→ PROBLEM TO WORK ON
Repeat only these lines, exactly: the first line of the data, the line containing "The image shows 28", and every line between them. Pictures stay out.

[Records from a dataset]
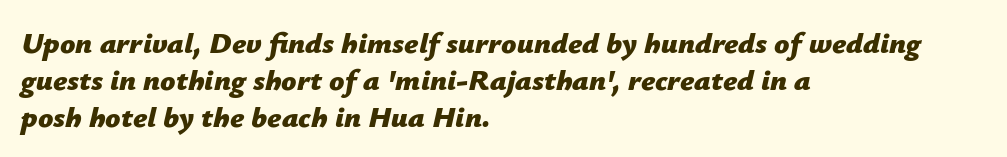
{"italic": "yes", "lean": "right", "slant_degrees": 12, "bold": "yes", "weight": "bold", "width": "normal", "stroke_contrast": "low", "x_height": "medium", "monospaced": "no", "underline": "no", "align": "left", "line_spacing_ratio": 1.23, "letter_spacing": "normal", "letter_spacing_em": 0.0, "glyph_px": 30}
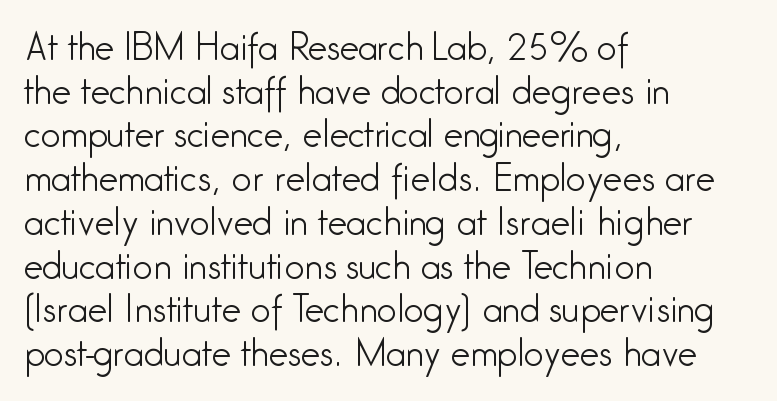
{"serif": "no", "italic": "no", "bold": "no", "weight": "light", "width": "condensed", "stroke_contrast": "low", "x_height": "medium", "monospaced": "no", "underline": "no", "align": "left", "line_spacing": "normal", "line_spacing_ratio": 1.25, "letter_spacing": "normal", "letter_spacing_em": 0.0, "glyph_px": 35}
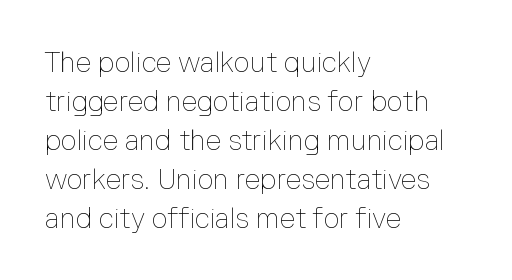
The image shows 28 px thin type, upright; set left-aligned, normal line spacing (1.39x), normal letter spacing, not underlined; low stroke contrast and a medium x-height.
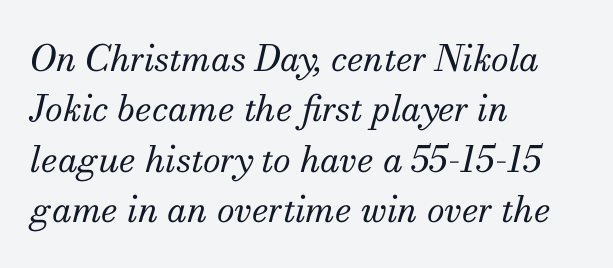
Think of a printed novel: that variable character pitch is what you see here. Lines of text with bare space underneath. The rag falls on the right side of this text block. The letterforms sit at book weight or below. Tracking value appears to be zero — textbook default spacing. Type style note: has serifs.
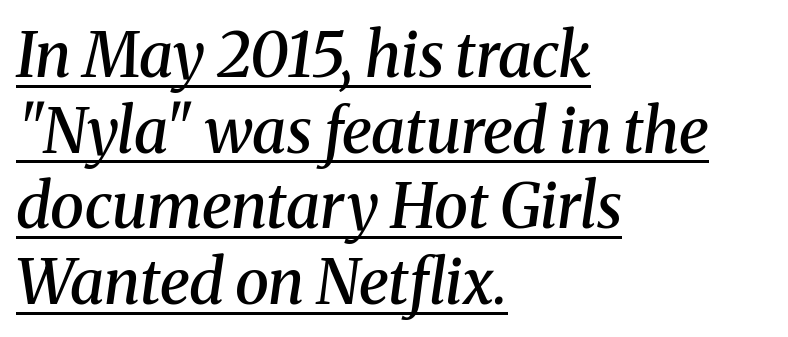
Font category for this specimen: serif. Descenders here cross a horizontal rule under the line. Students, this is semibold: more ink than regular, less than bold. Does the copy run flush right? No — it runs flush left.
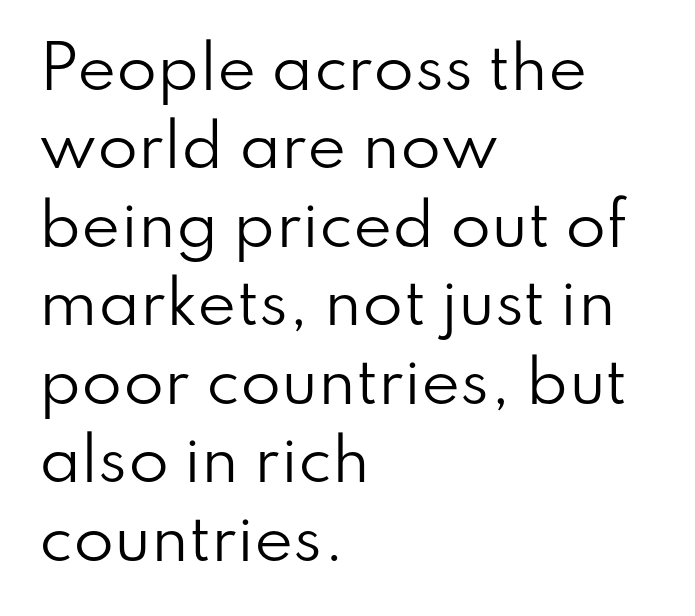
{"serif": "no", "italic": "no", "bold": "no", "weight": "regular", "width": "normal", "stroke_contrast": "low", "x_height": "small", "monospaced": "no", "underline": "no", "align": "left", "line_spacing": "normal", "line_spacing_ratio": 1.33, "letter_spacing": "normal", "letter_spacing_em": 0.0, "glyph_px": 59}
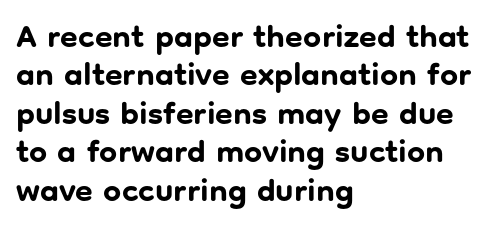
Each word holds together tightly as a unit, with standard inter-letter gaps. Strong, thick strokes mark this as bold type. The text was rendered using a sans face with plain stroke endings. Anything drawn beneath the words? Only blank space. Quick note: not italic, upright.
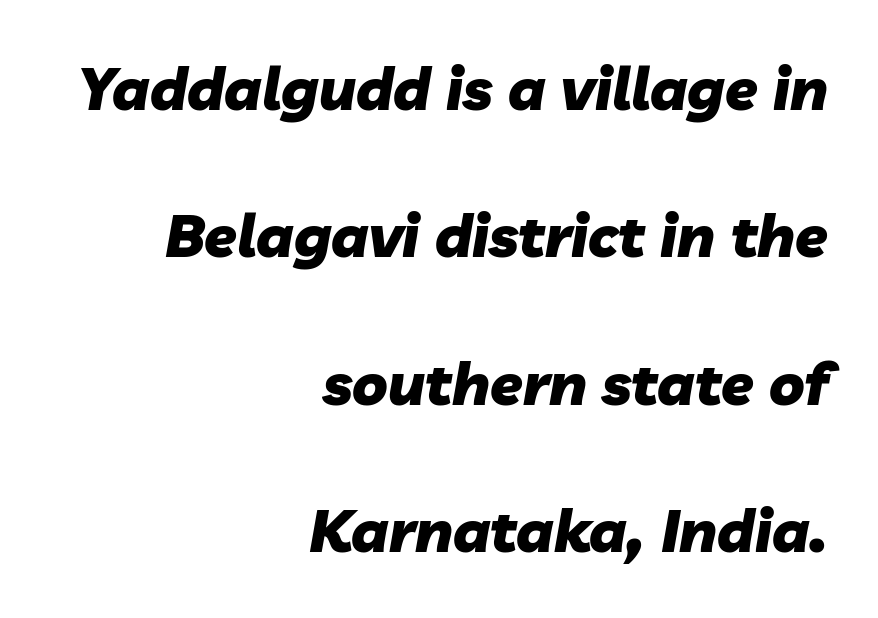
{"italic": "yes", "lean": "right", "slant_degrees": 10, "bold": "yes", "weight": "heavy", "width": "normal", "stroke_contrast": "low", "x_height": "medium", "monospaced": "no", "underline": "no", "align": "right", "line_spacing": "loose", "line_spacing_ratio": 2.5, "letter_spacing": "normal", "letter_spacing_em": 0.0, "glyph_px": 59}
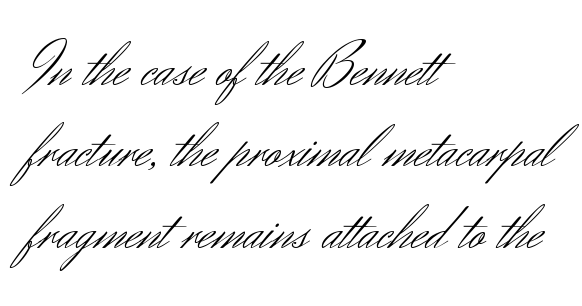
The image shows 63 px light sans-serif type; set left-aligned, normal line spacing (1.29x), normal letter spacing, not underlined; medium stroke contrast and a small x-height.
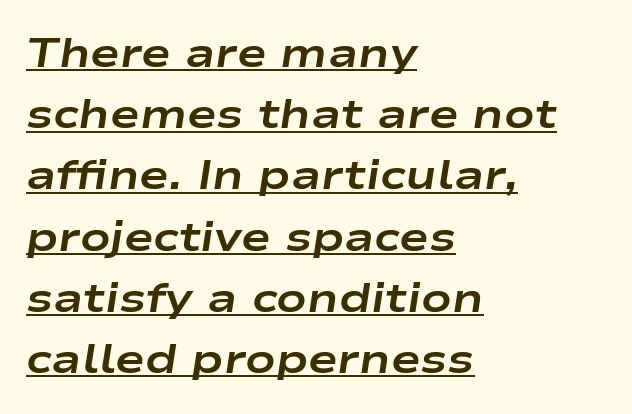
The paragraph has a hard left edge and a soft right edge. This is heavy type, rendered in bold. The space between consecutive lines is moderate. This sample has the flowing, uneven cadence of proportional lettering. A typesetter would mark this as italic. What stands out about the letter spacing? Nothing — it is the standard amount.
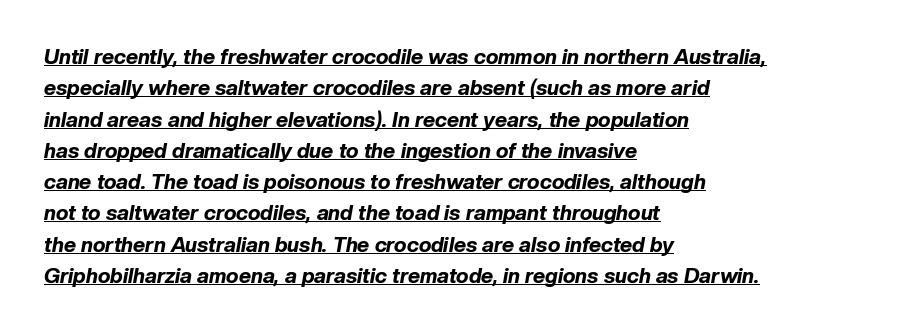
{"italic": "yes", "lean": "right", "slant_degrees": 10, "bold": "yes", "underline": "yes", "align": "left", "line_spacing": "normal", "line_spacing_ratio": 1.49, "letter_spacing": "normal", "letter_spacing_em": 0.0, "glyph_px": 21}
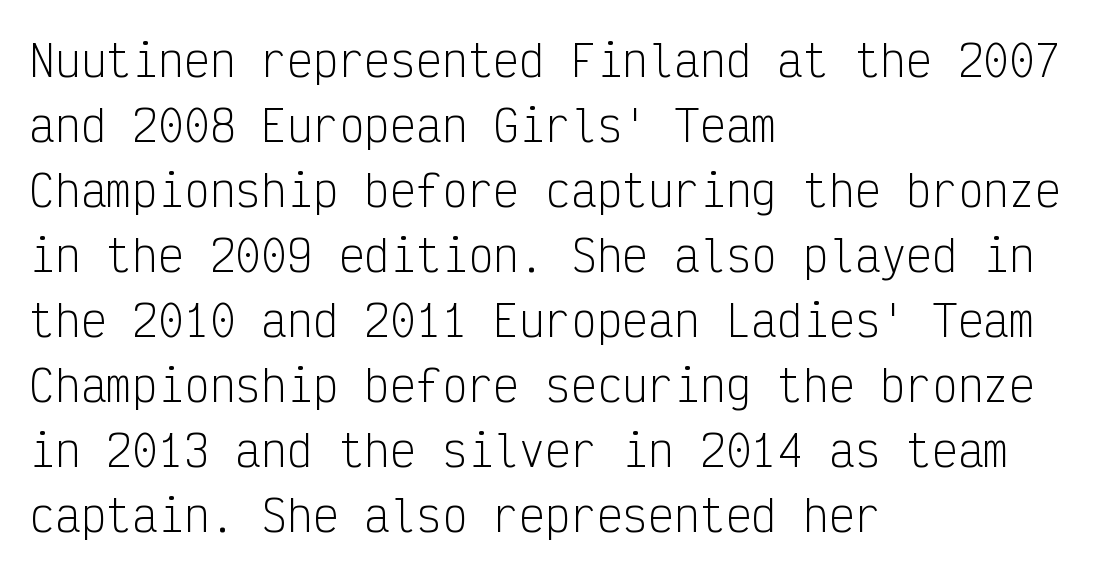
The image shows 43 px light, condensed sans-serif type, upright, monospaced; set left-aligned, normal line spacing (1.51x), normal letter spacing, not underlined; low stroke contrast and a medium x-height.
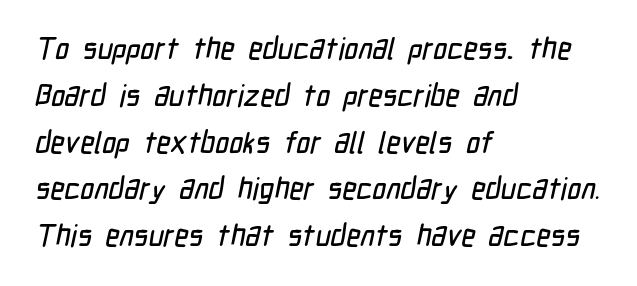
Q: Is the typeface a serif or a sans-serif typeface? A: Sans-serif.
Q: Is the text underlined? A: No.
Q: How is the paragraph aligned? A: Left-aligned.
Q: Is the spacing between letters normal or unusually wide? A: Normal.
Q: Is the spacing between lines tight, normal or loose? A: Normal.
Q: Width (condensed, normal, or wide)? A: Condensed.
Q: Stroke contrast? A: Low.
Q: x-height? A: Medium.
Q: Monospaced? A: No.
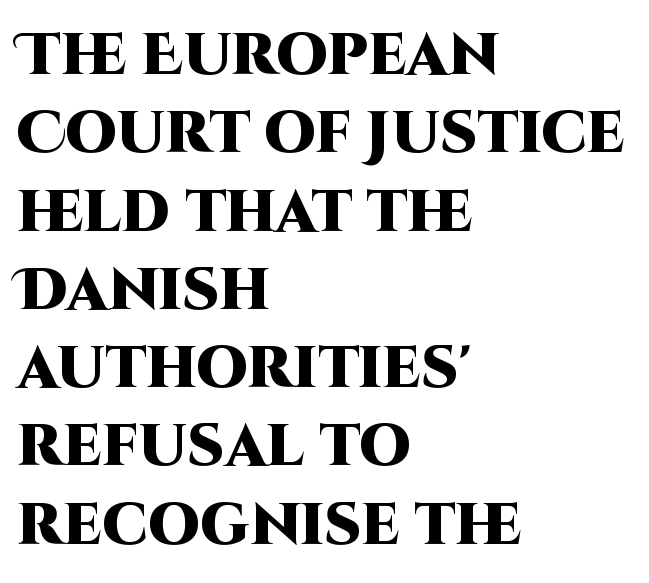
{"serif": "no", "italic": "no", "bold": "yes", "weight": "heavy", "width": "normal", "stroke_contrast": "high", "x_height": "large", "monospaced": "no", "underline": "no", "align": "left", "line_spacing": "normal", "line_spacing_ratio": 1.35, "letter_spacing": "normal", "letter_spacing_em": 0.0, "glyph_px": 58}
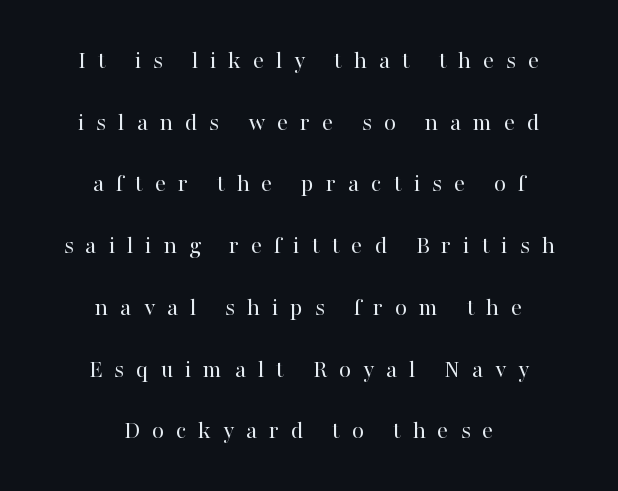
The image shows 25 px text type, upright; set centered, loose line spacing (2.47x), unusually wide letter spacing (+0.47 em), not underlined.
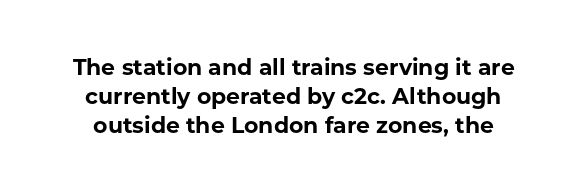
Q: Is the text bold? A: Yes.
Q: Is the text italic (slanted)? A: No, it is upright.
Q: Is the text underlined? A: No.
Q: Is the spacing between letters normal or unusually wide? A: Normal.
Q: Is the spacing between lines tight, normal or loose? A: Normal.
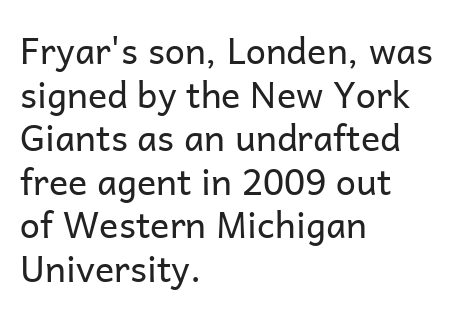
If you drew a line through each stem, it would be perfectly vertical. Regarding serifs, this sample does without them. Is this a heavy cut? Hardly; it is regular or lighter. No word sits above an underline.
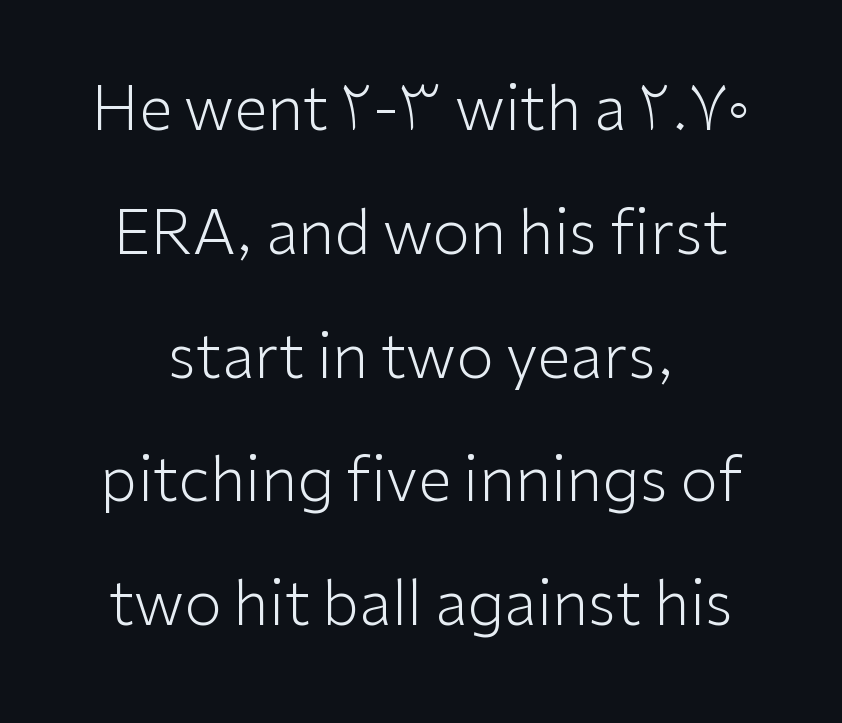
Q: Is the text bold? A: No.
Q: Is the text italic (slanted)? A: No, it is upright.
Q: Is the typeface a serif or a sans-serif typeface? A: Sans-serif.
Q: Is the text underlined? A: No.
Q: How is the paragraph aligned? A: Centered.
Q: Is the spacing between letters normal or unusually wide? A: Normal.
Q: Is the spacing between lines tight, normal or loose? A: Loose.
Q: Width (condensed, normal, or wide)? A: Normal.
Q: Stroke contrast? A: Low.
Q: x-height? A: Medium.
Q: Monospaced? A: No.
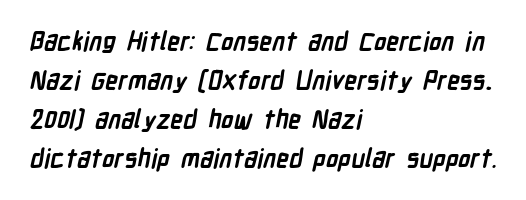
The area under the type is left untouched. Nobody touched the tracking dial on this one. Summary of vertical rhythm: regular, with standard interline spacing. These lines are set flush left with a ragged right edge. Typographic density is high because the face is bold.
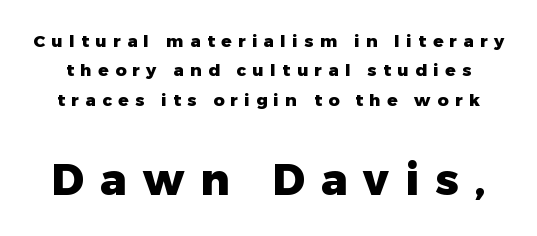
{"serif": "no", "italic": "no", "bold": "yes", "weight": "heavy", "width": "normal", "stroke_contrast": "low", "x_height": "medium", "monospaced": "no", "underline": "no", "line_spacing_ratio": 1.73, "letter_spacing": "wide", "letter_spacing_em": 0.38, "larger_block": "second", "size_ratio": 2.53, "glyph_px": 43}

→ ANSWER FOR THE TASK
{"italic": "yes", "lean": "right", "slant_degrees": 12, "bold": "yes", "weight": "bold", "width": "normal", "stroke_contrast": "low", "x_height": "medium", "monospaced": "no", "underline": "no", "align": "left", "line_spacing_ratio": 1.23, "letter_spacing": "normal", "letter_spacing_em": 0.0, "glyph_px": 30}
{"serif": "no", "italic": "no", "bold": "no", "weight": "light", "width": "condensed", "stroke_contrast": "low", "x_height": "medium", "monospaced": "no", "underline": "no", "align": "left", "line_spacing": "normal", "line_spacing_ratio": 1.25, "letter_spacing": "normal", "letter_spacing_em": 0.0, "glyph_px": 35}
The image shows 28 px thin type, upright; set left-aligned, normal line spacing (1.39x), normal letter spacing, not underlined; low stroke contrast and a medium x-height.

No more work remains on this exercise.